(Dataset extract Opens)
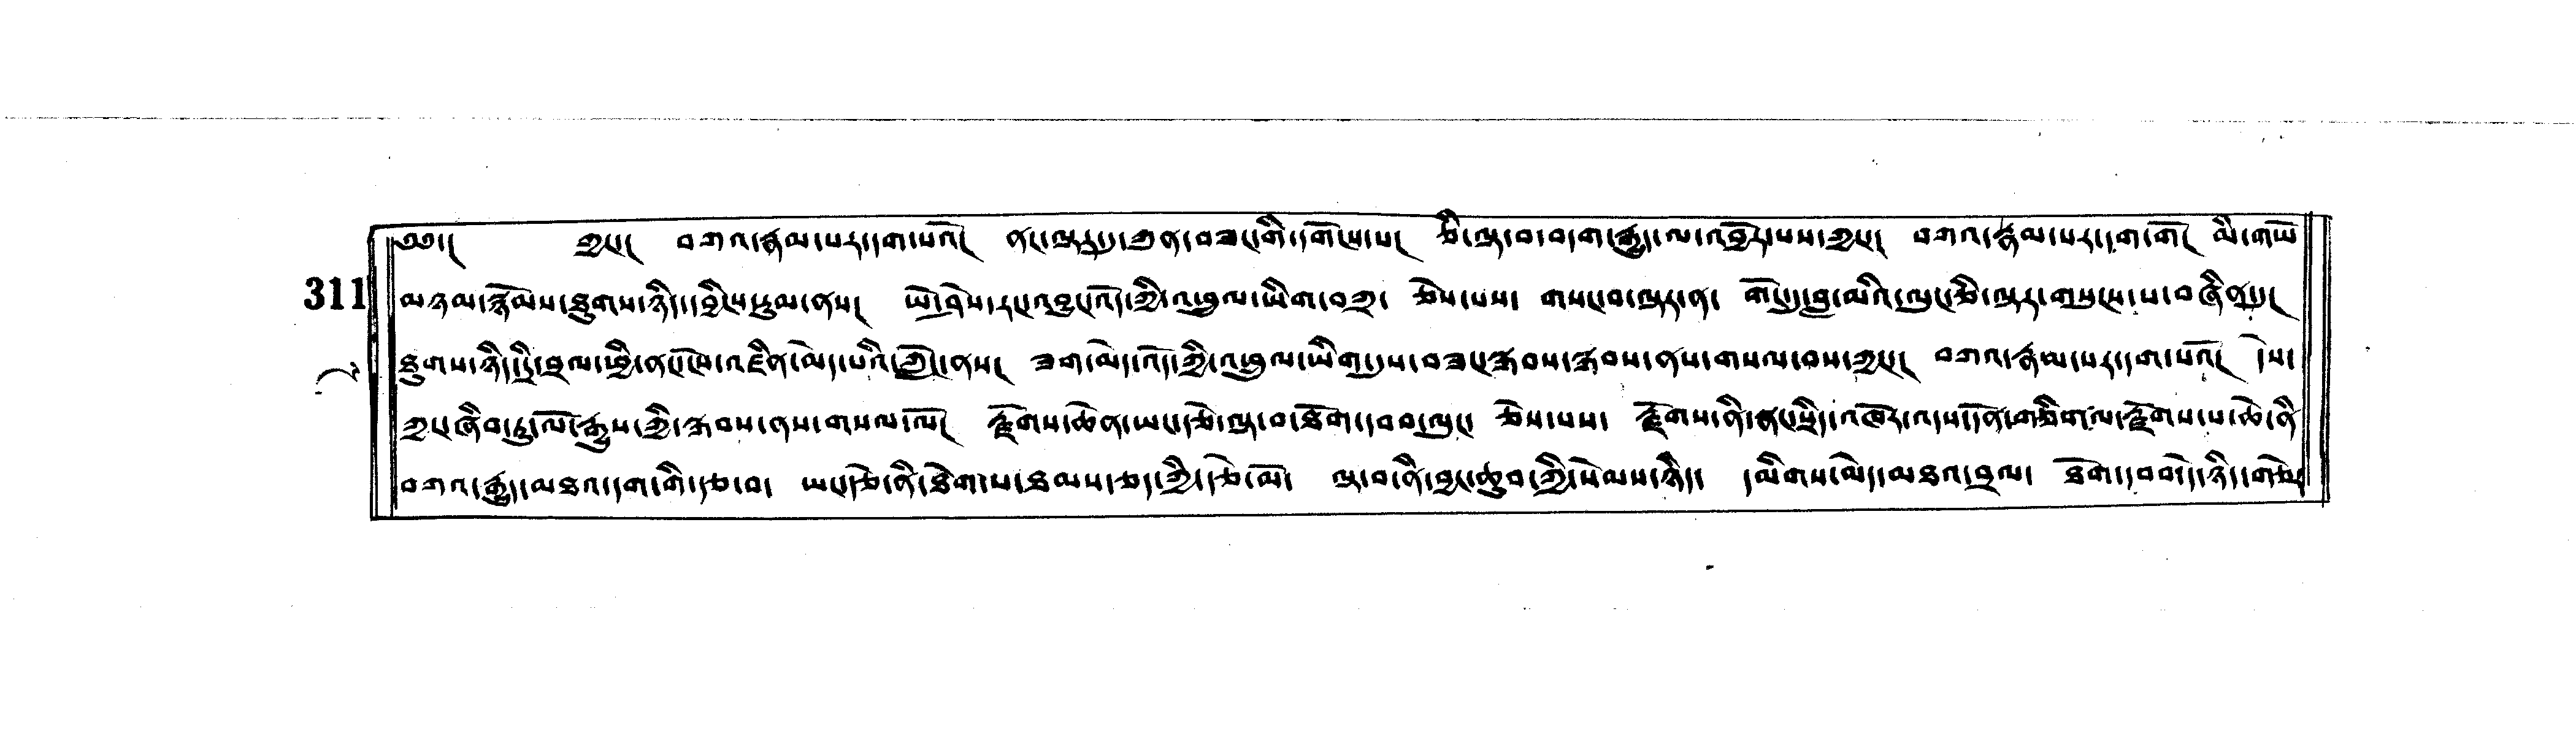ཀྱང་བཀའ་རྣམ་པར་དག་པའོ། ནང་ལྟར་དུ་ཀུན་བཟང་གི་དགོངས་པ། ཅི་ལྟ་བ་བདག་རྒྱུད་ལ་འབྱོར་བས་ཀྱང་། བཀའ་རྣམ་པར་དག་པའོ། མི་གཡོ་
མཉམ་སྙོམས་ཐུགས་ཉིད་དབྱིངས་རུམ་ནས། ཡེ་ཤེས་རང་འབྱུང་འོད་ཀྱི་འཕྲུལ་ཡིག་བཀྲ། ཅེས་པས། གསང་བ་ལྟར་ན་གོང་དུ་བླ་མའི་ལུང་ཇི་ལྟར་གསུངས་པ་བཞིན་དུ། 
ཐུགས་ཉིད་དྲི་བྲལ་ཕྱི་ནང་ངོས་འཛིན་མེད་པའི་ཀློང་ནས། ཟག་མེད་འོད་ཀྱི་འཕྲུལ་ཡིག་དུས་བཟང་སྐབས་སྐབས་ནས་གསལ་བས་ཀྱང་། བཀའ་རྣམ་པར་དག་པའོ། དེས་
ཀྱང་ཞིབ་ཏུ་ལོ་རྒྱུས་ཀྱི་སྐབས་ནས་གསལ་ལོ། རྫོགས་ཆེན་ཡང་རྩེ་ལྟ་བ་ཐོག་དབབ་ལུང་། ཅེས་པས། རྫོགས་ནི་སྣང་སྲིད་འཁོར་འདས་དོན་གཅིག་ལ་རྫོགས་པ་ཆེ་ནི་
བཀའ་བརྒྱུད་མཐའ་དག་གི་རྩ་བ་ཡང་རྩེ་ནི་ཐེག་པ་ཐམས་ཅད་ཀྱི་རྩེ་མོ། ལྟ་བ་ནི་བྱང་ཆུབ་ཀྱི་སེམས་ཉིད། དམིགས་མེད་མཐའ་བྲལ། ཐོག་དབབ་དེ་ཉིད་གཅེར་
(Dataset extract Closes)
Your assignment: Please reproduce every record exactly, leaving the pictures out.

Finished task:
ཀྱང་བཀའ་རྣམ་པར་དག་པའོ། ནང་ལྟར་དུ་ཀུན་བཟང་གི་དགོངས་པ། ཅི་ལྟ་བ་བདག་རྒྱུད་ལ་འབྱོར་བས་ཀྱང་། བཀའ་རྣམ་པར་དག་པའོ། མི་གཡོ་
མཉམ་སྙོམས་ཐུགས་ཉིད་དབྱིངས་རུམ་ནས། ཡེ་ཤེས་རང་འབྱུང་འོད་ཀྱི་འཕྲུལ་ཡིག་བཀྲ། ཅེས་པས། གསང་བ་ལྟར་ན་གོང་དུ་བླ་མའི་ལུང་ཇི་ལྟར་གསུངས་པ་བཞིན་དུ། 
ཐུགས་ཉིད་དྲི་བྲལ་ཕྱི་ནང་ངོས་འཛིན་མེད་པའི་ཀློང་ནས། ཟག་མེད་འོད་ཀྱི་འཕྲུལ་ཡིག་དུས་བཟང་སྐབས་སྐབས་ནས་གསལ་བས་ཀྱང་། བཀའ་རྣམ་པར་དག་པའོ། དེས་
ཀྱང་ཞིབ་ཏུ་ལོ་རྒྱུས་ཀྱི་སྐབས་ནས་གསལ་ལོ། རྫོགས་ཆེན་ཡང་རྩེ་ལྟ་བ་ཐོག་དབབ་ལུང་། ཅེས་པས། རྫོགས་ནི་སྣང་སྲིད་འཁོར་འདས་དོན་གཅིག་ལ་རྫོགས་པ་ཆེ་ནི་
བཀའ་བརྒྱུད་མཐའ་དག་གི་རྩ་བ་ཡང་རྩེ་ནི་ཐེག་པ་ཐམས་ཅད་ཀྱི་རྩེ་མོ། ལྟ་བ་ནི་བྱང་ཆུབ་ཀྱི་སེམས་ཉིད། དམིགས་མེད་མཐའ་བྲལ། ཐོག་དབབ་དེ་ཉིད་གཅེར་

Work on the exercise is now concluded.